Apologies that the code is a bit verbose (OpenGL... :-/), but it is completely self-contained. Just needs PyQT5, PyOpenGL and numpy. The key section is the paint method:
 
    def paintGL(self):
        GL.glClearColor(0.5, 0.5, 0.5, 1.0)
        GL.glClear(GL.GL_COLOR_BUFFER_BIT)
        
        try:
            GL.glUseProgram(self.program)
            
            self.uniforms["model"](np.identity(4, dtype=np.float32))
            self.uniforms["view"](np.identity(4, dtype=np.float32))

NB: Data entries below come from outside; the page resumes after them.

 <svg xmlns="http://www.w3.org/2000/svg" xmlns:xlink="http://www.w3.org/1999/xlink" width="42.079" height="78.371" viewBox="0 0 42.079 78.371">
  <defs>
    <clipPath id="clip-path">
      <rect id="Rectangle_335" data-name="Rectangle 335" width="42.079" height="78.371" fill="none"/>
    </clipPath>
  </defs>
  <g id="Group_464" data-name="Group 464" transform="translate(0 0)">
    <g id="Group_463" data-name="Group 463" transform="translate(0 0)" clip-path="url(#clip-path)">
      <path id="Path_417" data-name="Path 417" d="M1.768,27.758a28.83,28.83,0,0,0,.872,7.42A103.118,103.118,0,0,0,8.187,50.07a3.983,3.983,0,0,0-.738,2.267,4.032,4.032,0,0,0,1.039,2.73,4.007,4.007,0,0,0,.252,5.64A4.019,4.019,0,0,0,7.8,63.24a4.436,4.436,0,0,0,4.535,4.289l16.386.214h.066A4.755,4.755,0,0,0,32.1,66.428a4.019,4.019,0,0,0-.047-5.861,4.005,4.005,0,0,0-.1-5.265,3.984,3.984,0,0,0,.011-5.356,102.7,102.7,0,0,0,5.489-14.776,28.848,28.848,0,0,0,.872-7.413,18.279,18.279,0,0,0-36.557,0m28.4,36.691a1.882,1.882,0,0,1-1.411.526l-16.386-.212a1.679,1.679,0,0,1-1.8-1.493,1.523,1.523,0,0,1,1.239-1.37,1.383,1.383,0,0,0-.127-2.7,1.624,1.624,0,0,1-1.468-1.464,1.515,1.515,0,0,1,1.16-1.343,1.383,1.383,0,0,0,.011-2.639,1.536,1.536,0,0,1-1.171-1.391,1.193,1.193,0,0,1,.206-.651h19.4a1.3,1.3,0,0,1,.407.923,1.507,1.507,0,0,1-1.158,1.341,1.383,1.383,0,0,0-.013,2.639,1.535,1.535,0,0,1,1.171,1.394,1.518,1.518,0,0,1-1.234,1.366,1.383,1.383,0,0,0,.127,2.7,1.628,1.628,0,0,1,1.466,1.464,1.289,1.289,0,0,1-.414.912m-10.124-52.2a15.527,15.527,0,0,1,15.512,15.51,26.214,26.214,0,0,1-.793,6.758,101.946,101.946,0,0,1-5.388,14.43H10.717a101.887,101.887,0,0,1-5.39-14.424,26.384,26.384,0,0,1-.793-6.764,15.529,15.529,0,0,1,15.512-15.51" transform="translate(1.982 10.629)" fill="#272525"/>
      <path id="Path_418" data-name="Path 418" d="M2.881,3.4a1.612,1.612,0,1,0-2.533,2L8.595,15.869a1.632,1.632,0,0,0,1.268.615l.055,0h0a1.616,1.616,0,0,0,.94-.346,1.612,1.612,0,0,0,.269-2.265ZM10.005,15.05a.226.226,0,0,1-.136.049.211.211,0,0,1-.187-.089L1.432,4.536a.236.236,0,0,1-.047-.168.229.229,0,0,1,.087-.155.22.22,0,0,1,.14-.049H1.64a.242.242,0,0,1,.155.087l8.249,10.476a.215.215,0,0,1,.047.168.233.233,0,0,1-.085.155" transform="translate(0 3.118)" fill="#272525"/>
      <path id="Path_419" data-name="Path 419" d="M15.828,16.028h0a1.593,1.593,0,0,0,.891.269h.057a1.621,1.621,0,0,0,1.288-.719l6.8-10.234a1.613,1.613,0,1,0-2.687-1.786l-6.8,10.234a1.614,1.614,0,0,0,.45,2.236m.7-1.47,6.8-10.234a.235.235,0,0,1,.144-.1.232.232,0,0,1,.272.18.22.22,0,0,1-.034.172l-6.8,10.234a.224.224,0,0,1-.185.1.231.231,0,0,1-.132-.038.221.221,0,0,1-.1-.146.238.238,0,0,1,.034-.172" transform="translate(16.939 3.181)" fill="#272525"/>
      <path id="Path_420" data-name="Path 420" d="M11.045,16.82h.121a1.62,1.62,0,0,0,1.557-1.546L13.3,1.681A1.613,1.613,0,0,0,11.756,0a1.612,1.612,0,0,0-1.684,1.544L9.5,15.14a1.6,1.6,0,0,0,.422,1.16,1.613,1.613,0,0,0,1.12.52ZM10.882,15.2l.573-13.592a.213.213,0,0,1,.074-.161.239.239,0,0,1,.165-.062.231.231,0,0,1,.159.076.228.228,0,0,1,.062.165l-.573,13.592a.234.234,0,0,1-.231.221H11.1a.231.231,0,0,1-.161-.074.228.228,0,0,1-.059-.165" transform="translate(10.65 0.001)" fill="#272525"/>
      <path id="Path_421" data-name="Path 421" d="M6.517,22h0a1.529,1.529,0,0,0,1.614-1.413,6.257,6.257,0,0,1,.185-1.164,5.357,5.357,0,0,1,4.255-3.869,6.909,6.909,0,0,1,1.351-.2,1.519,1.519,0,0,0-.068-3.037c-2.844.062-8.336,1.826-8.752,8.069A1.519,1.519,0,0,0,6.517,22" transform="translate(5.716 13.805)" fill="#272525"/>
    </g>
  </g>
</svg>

            self.uniforms["projection"](np.diag(np.r_[1.0/self.aspect,1,1]))
            
            GL.glBindVertexArray(self.vao)
            
            mesh_count = len(self.mesh.meshes)
            for i in range(mesh_count):
                index_count = self.mesh.index_count(i)
                index_offset = ctypes.c_void_p(self.mesh.index_offset(i) * np.dtype(np.uint8).itemsize)
                base_vertex = self.mesh.vertex_offset(i)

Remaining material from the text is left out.